Danny Eggerich, Analyst

That 100 basis points of annual gross margin improvement target you mentioned, does this initiative work toward that, or do you think you can achieve incremental expansion on top of that?

Richard Warzala, CEO

Yes, it's hard to adjust expectations for statements made in the past. Our goal is to exceed the public goals we set. While we see opportunities to do better, we will stick to our stated objectives for the 100-basis points improvement in operating margin, which includes reductions in both gross and operating expenses.

Michael Leach, CFO

One of the things to note is that as we did all the acquisitions, while revenue increased, so did the SG&A expenses. At some point, we need to leverage those increased costs either to grow revenues and earnings or find ways to realize synergies.

Danny Eggerich, Analyst

That's helpful. I'll leave it there, thanks.

Michael Leach, CFO

Thank you.

Operator, Operator

The next question will come from Gerry Sweeney with ROTH Capital. Please go ahead.

Gerry Sweeney, Analyst

Dick, Mike, thanks for taking my call.

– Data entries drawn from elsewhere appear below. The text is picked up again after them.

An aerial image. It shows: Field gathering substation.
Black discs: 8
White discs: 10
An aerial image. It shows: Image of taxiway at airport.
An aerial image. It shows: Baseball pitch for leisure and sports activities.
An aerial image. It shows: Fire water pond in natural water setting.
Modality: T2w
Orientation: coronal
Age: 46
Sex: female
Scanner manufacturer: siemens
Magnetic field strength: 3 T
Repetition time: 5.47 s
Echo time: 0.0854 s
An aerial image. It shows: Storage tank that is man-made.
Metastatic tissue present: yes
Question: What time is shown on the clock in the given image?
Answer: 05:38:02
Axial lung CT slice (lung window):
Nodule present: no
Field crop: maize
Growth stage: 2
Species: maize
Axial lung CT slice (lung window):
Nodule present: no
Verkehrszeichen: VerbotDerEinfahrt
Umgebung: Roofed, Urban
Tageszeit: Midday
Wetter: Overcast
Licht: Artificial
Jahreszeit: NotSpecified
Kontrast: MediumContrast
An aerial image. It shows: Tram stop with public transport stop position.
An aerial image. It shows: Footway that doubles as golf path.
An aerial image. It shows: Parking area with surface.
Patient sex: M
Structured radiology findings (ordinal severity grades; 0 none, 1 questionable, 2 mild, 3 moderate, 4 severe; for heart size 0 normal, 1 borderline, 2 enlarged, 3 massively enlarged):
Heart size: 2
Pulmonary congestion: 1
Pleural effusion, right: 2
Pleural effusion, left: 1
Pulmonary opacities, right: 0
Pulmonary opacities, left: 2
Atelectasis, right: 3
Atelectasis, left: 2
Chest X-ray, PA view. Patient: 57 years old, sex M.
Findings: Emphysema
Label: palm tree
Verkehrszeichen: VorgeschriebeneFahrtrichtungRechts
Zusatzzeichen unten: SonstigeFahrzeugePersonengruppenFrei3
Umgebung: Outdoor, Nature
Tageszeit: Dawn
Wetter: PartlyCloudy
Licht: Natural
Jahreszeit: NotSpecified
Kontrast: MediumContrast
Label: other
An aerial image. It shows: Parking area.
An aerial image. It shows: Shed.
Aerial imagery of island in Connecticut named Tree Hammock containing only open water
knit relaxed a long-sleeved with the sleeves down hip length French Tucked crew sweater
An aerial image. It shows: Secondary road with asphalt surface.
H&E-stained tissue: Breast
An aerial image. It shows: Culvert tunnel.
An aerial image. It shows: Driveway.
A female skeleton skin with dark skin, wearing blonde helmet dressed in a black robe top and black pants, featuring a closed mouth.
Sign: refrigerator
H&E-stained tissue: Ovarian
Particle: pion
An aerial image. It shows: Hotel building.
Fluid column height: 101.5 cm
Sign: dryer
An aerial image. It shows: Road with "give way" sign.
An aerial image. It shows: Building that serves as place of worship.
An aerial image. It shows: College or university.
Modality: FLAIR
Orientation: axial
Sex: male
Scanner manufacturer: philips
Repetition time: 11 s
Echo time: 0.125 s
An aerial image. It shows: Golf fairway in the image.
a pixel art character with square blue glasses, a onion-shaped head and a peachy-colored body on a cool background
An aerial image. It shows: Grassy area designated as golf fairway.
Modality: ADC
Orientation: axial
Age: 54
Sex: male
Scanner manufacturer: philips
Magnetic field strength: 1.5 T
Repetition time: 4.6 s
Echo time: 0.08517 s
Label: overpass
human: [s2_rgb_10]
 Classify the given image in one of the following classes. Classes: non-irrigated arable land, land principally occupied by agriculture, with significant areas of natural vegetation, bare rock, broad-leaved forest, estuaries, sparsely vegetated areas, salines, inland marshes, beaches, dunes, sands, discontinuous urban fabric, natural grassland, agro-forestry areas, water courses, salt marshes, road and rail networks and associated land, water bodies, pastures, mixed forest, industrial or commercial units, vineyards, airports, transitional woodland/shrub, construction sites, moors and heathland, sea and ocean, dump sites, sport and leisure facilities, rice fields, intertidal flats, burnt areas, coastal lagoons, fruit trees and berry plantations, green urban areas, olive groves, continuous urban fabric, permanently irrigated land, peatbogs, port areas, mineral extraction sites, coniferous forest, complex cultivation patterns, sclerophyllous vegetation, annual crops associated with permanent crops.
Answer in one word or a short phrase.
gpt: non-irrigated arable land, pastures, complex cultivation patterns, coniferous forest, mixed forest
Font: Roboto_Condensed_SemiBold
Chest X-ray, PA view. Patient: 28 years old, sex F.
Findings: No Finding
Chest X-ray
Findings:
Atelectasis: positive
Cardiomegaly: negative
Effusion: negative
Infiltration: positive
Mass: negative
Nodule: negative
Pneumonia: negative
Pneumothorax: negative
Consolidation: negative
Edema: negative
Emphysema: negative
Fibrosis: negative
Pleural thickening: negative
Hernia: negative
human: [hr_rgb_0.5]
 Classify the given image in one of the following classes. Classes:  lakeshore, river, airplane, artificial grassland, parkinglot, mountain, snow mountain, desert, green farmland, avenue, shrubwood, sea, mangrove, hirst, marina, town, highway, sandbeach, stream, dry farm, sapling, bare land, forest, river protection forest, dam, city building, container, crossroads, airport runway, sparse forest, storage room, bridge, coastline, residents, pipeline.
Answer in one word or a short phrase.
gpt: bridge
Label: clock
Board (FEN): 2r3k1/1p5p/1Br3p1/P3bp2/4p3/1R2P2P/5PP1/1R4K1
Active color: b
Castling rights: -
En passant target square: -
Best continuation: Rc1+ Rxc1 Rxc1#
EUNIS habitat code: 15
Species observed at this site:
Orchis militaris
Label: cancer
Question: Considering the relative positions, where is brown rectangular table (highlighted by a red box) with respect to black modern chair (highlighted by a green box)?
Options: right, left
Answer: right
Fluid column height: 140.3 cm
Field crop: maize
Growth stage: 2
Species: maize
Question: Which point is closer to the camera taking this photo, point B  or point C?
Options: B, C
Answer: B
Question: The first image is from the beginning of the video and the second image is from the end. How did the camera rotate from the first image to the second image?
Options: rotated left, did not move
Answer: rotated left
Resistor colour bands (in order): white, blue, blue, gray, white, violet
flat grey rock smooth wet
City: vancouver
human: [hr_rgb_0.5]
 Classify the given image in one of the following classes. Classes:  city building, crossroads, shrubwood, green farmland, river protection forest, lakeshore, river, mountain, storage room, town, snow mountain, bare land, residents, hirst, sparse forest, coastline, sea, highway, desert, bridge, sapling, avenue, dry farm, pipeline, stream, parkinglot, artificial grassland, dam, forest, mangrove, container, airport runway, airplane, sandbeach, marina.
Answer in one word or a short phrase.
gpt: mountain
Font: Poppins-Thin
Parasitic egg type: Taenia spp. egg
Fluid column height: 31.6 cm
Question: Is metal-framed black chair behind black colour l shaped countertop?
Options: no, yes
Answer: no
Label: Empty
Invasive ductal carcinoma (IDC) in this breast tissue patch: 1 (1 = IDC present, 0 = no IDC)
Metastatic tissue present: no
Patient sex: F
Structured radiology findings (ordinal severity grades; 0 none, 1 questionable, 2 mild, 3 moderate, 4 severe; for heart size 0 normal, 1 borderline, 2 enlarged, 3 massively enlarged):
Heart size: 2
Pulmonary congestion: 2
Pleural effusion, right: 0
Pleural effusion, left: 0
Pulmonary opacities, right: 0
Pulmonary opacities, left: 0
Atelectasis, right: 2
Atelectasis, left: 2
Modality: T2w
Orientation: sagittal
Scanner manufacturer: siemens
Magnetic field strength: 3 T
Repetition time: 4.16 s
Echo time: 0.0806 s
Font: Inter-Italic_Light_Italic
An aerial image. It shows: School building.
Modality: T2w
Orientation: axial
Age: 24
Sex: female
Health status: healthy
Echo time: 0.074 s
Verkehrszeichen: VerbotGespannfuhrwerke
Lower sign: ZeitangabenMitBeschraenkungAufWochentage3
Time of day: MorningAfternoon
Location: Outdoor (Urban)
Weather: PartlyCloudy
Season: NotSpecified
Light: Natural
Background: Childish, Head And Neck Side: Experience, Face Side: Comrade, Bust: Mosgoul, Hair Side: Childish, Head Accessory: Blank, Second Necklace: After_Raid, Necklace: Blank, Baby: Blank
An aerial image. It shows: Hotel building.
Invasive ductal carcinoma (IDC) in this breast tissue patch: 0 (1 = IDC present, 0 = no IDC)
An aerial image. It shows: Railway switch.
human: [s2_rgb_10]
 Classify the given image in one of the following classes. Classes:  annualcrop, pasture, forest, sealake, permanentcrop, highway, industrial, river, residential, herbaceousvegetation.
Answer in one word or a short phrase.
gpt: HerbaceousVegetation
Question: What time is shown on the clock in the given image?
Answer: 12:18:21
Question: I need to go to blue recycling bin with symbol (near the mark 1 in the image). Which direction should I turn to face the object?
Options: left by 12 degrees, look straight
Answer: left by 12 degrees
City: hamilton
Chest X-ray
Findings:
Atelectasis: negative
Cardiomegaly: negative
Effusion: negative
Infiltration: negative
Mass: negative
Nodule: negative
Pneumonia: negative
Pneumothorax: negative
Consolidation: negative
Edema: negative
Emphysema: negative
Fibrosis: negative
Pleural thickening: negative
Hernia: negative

Mike, I think this is your last call, so congratulations.

Richard Warzala, CEO

It's his last call? Oh, come on, Gerry.

Gerry Sweeney, Analyst

Anyhow, I know we covered the simplified to accelerate, so I'll let that be for now. A&D is obviously lumpy. I'm curious how confident you are for 2024, given there are programs out there, and you feel relatively well-positioned.

Richard Warzala, CEO

Absolutely. Our quoting activity has been extremely high. We’ve seen orders coming in, aligned with our expectations for the replenishment of certain materials needed by the defense markets. We do have visibility on programs beginning to accelerate mid-year and some significant programs expected in the future. We're also focusing on how we handle orders to improve efficiency with our acquisitions. Our goal is to simplify the process and align revenues and profits correctly.

Michael Leach, CFO

As I mentioned previously, we do face supply chain inefficiencies within A&D. Suppliers who are also customers are holding up the release of products because they can't produce at full capacity, which is impacting delivery of our products.

Gerry Sweeney, Analyst

Got you. Taking a step back, it sounds like there's an opportunity not just for cost savings but for a larger solution to customers, getting some of your businesses to interact. Is that accurate?

Richard Warzala, CEO

Absolutely. To win in this business, being first to market with a solution is key. A complex system only delays the process of getting solutions to customers. Our goal is to increase efficiencies, add value in sales, and provide more efficient solutions on a larger scale, which will improve our top line.

Gerry Sweeney, Analyst

Do you plan to slow down acquisitions at this point? Seems like you've made eight acquisitions recently?

Richard Warzala, CEO

Yes, we need to focus on making sure that everything we have acquired is functioning as expected. The emphasis will be on optimizing what we've acquired, particularly SNC, where we see great synergies and opportunities to leverage our combined resources. While we're open to new opportunities, our priority is currently on making the existing acquisitions work better.

Gerry Sweeney, Analyst

So essentially, make some acquisitions, take a step back, optimize, drive cash flow, and then reassess for more acquisitions?

Richard Warzala, CEO

Exactly. Thank you, everyone, for joining us on today's call and your continued interest in Allient. We will be participating in the ROTH Conference on March 18th in Dana Point, California. Please feel free to reach out to us at any time, and we look forward to talking with all of you again after our first quarter 2024 results. Thank you for your participation and have a great day.

Operator, Operator

The conference is now concluded. Thank you for attending today's presentation. You may now disconnect.